TASK →
The copy must run from the first line of the entries below through the line containing "hörden dahin geeinigt haben, es haben die", restated word for word, with pictures left out.

Records from a data collection →
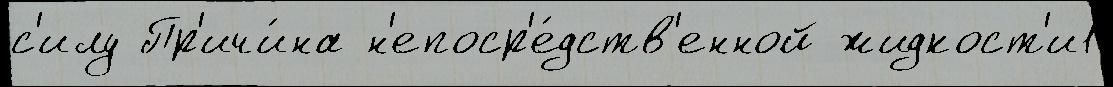
с'илу Пр'ичи́на н'епоср'е́дств'енной жидкост'и1
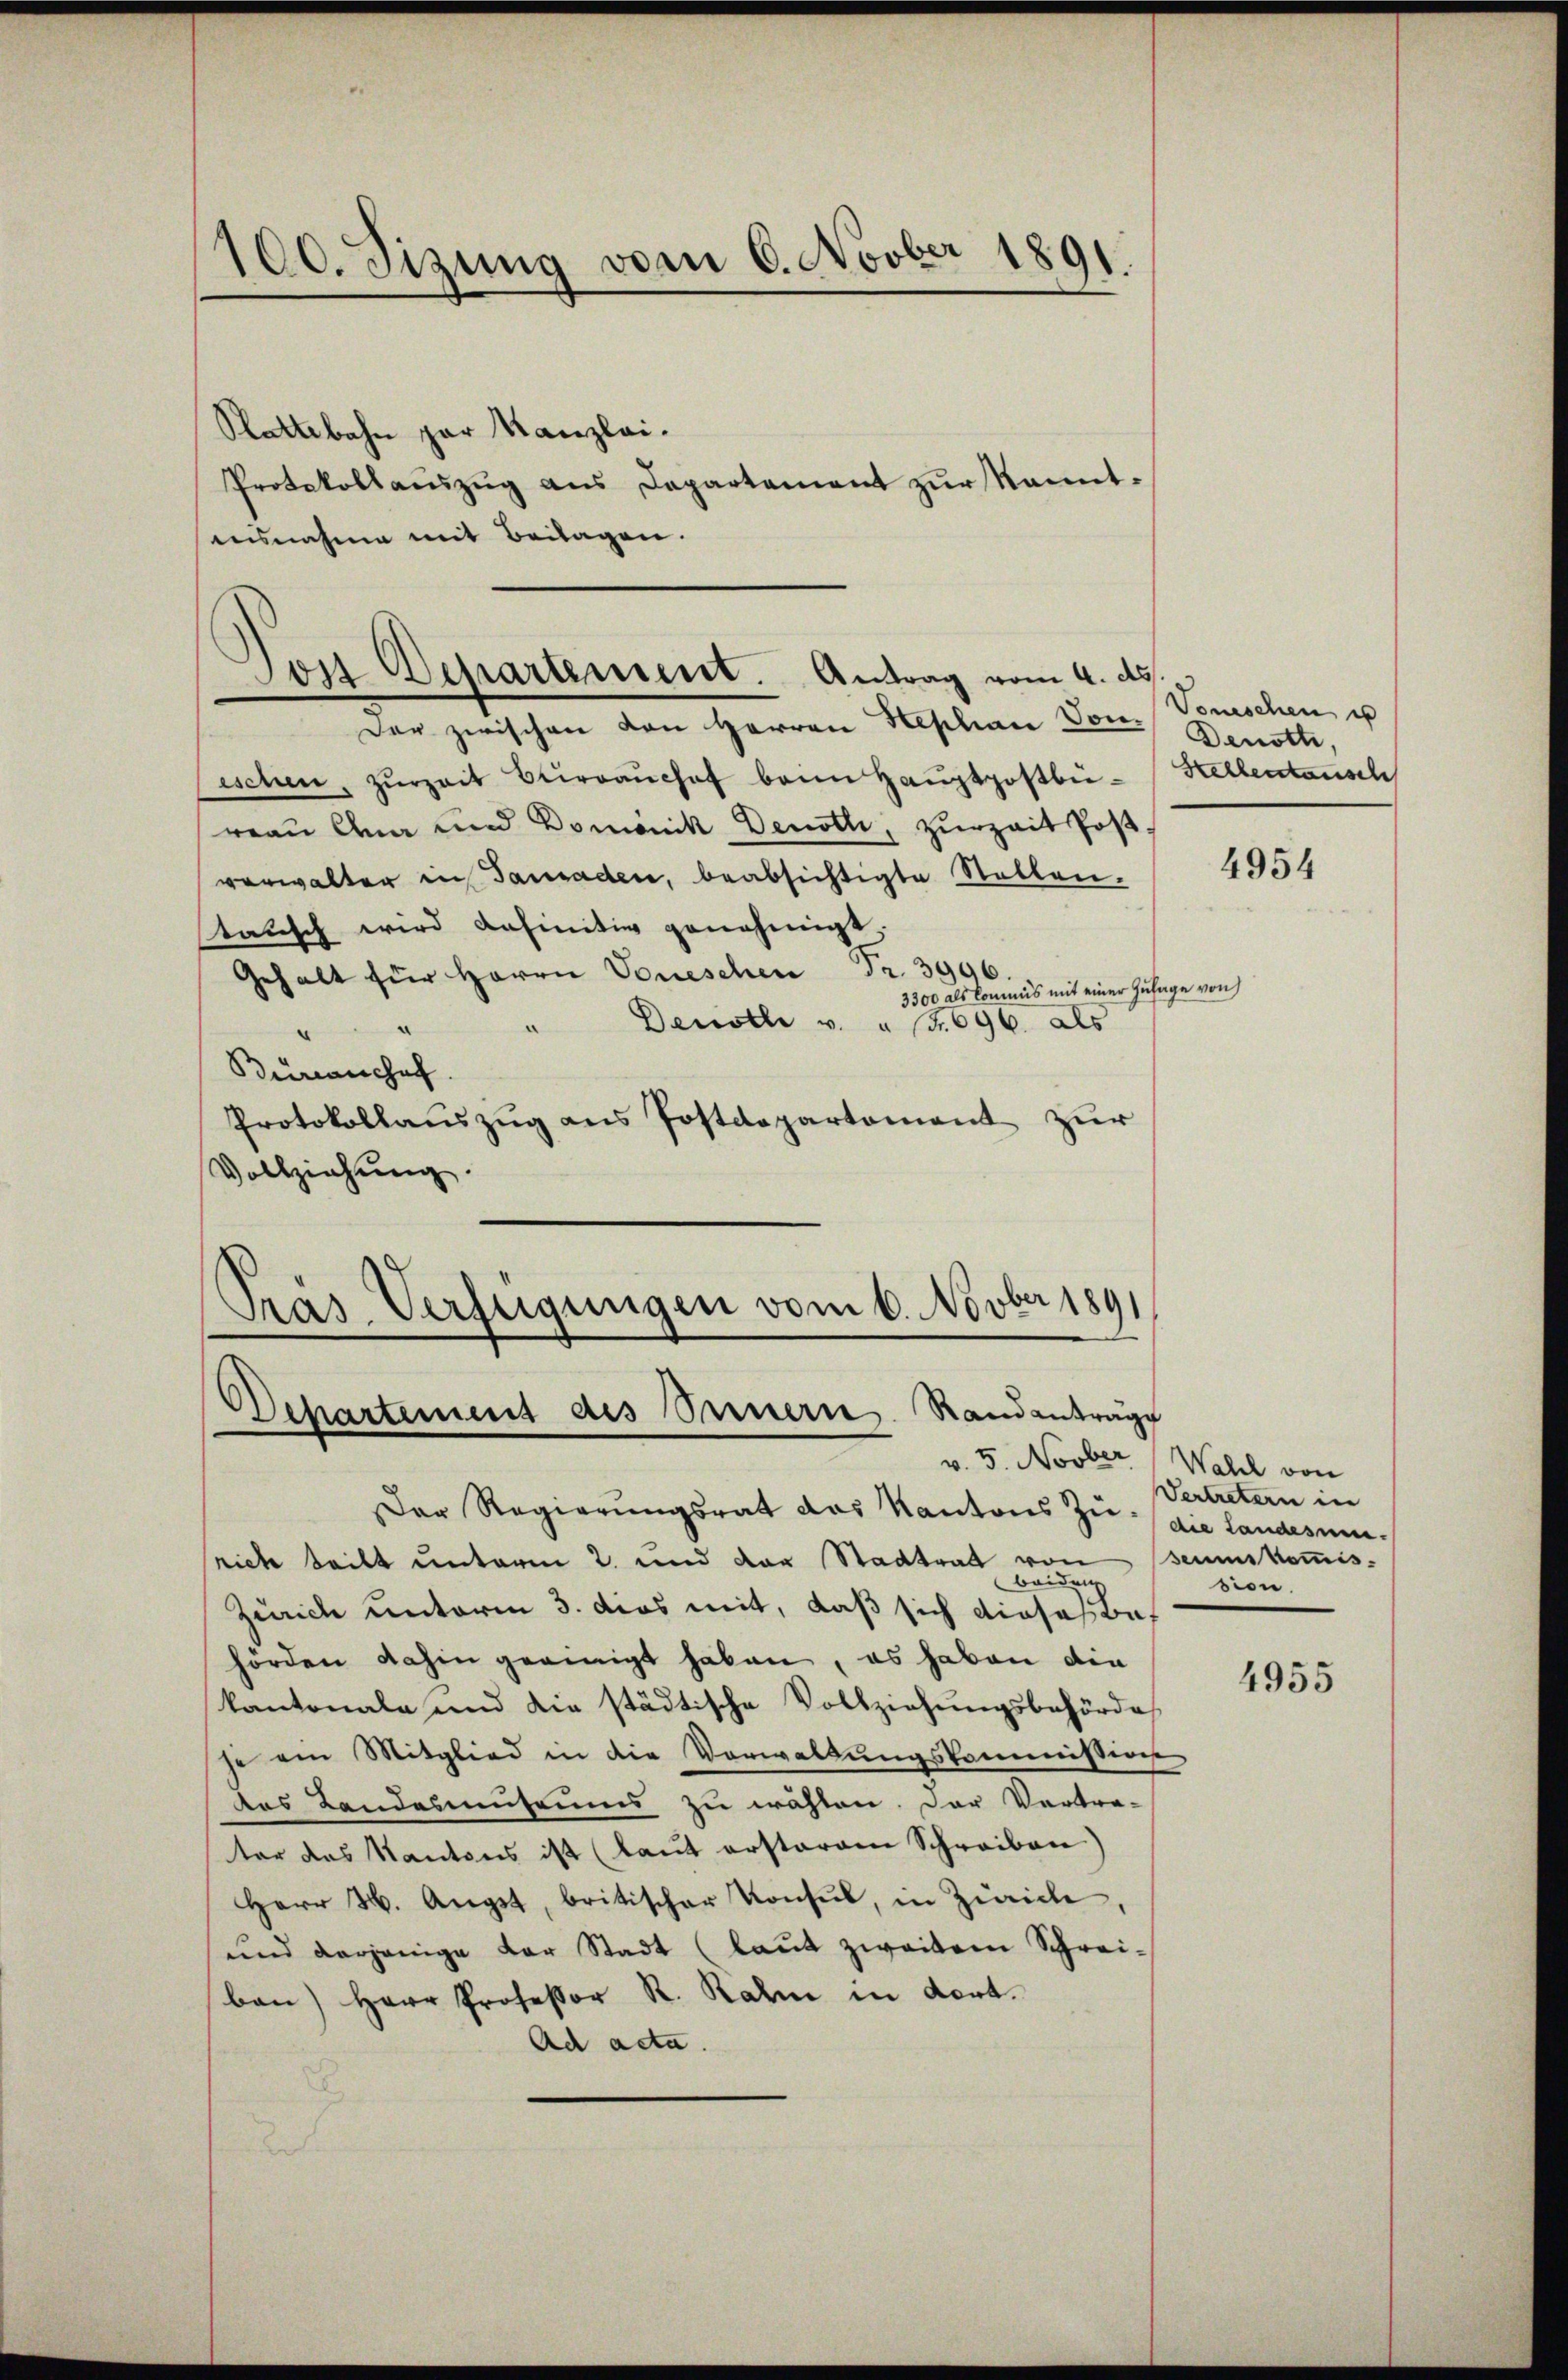
100. Sizung vom 6. Novber 1891.

Stattebahn par Kanzlei.
Protokollauszug aus Departement zur Naausnahme mit Beilagen.

Don Departement. Antrag vom 4. ds.

Der zwischen von Herren Stephan Ton. Denott,
eschen, zŭrzeit Birraŭchef beim Haŭptpostbü- Hellentausch
reau Anna und Domonik Denoth, Zurzait Postverwalter in Tausaden, beabsichtigte Stellen.
statisch wird definitiv genehmigt.
Gehalt für Herrn Voneschen Fr. 3996.
3300 als kommis mit einer Zulage von
Dewolle v. Fr. 696. als
Buranchef.
Protokollaŭszŭg ans Postdepartement zur
Vollziehung.
Pras Verfügungen vom 6. Novber 1891

.

Departement des Innern Standanträge
v. 5. Novber Wahl von

Vonischen u

Der Regierungsrat das Kantons Zu- / die Landesumrich teilt unterm 2. und der Stadtrat von seumskommis-
Zürich unterm 3. dies mit, daß sich dieses bes
hörden dahin geeinigt haben, es haben die
kantonale und die städtische Vollziehungsbehörde
je ain Mitglied in die Verwaltŭngskommission
das Landasmuseums zu wählen. Der Vertra-
ter das Kantons ist (laut ersteram Schreiben)
Herr H. Angst, britischer Konsul, in Zürich,
und derjenige der Stadt (laŭt zweitem Schreiben) Herr Professor R. Rahm in dort.
Ad acta.

4954

Vertretern in
sion.

4955

PROBLEM SOLUTION →
с'илу Пр'ичи́на н'епоср'е́дств'енной жидкост'и1
100. Sizung vom 6. Novber 1891.

Stattebahn par Kanzlei.
Protokollauszug aus Departement zur Naausnahme mit Beilagen.

Don Departement. Antrag vom 4. ds.

Der zwischen von Herren Stephan Ton. Denott,
eschen, zŭrzeit Birraŭchef beim Haŭptpostbü- Hellentausch
reau Anna und Domonik Denoth, Zurzait Postverwalter in Tausaden, beabsichtigte Stellen.
statisch wird definitiv genehmigt.
Gehalt für Herrn Voneschen Fr. 3996.
3300 als kommis mit einer Zulage von
Dewolle v. Fr. 696. als
Buranchef.
Protokollaŭszŭg ans Postdepartement zur
Vollziehung.
Pras Verfügungen vom 6. Novber 1891

.

Departement des Innern Standanträge
v. 5. Novber Wahl von

Vonischen u

Der Regierungsrat das Kantons Zu- / die Landesumrich teilt unterm 2. und der Stadtrat von seumskommis-
Zürich unterm 3. dies mit, daß sich dieses bes
hörden dahin geeinigt haben, es haben die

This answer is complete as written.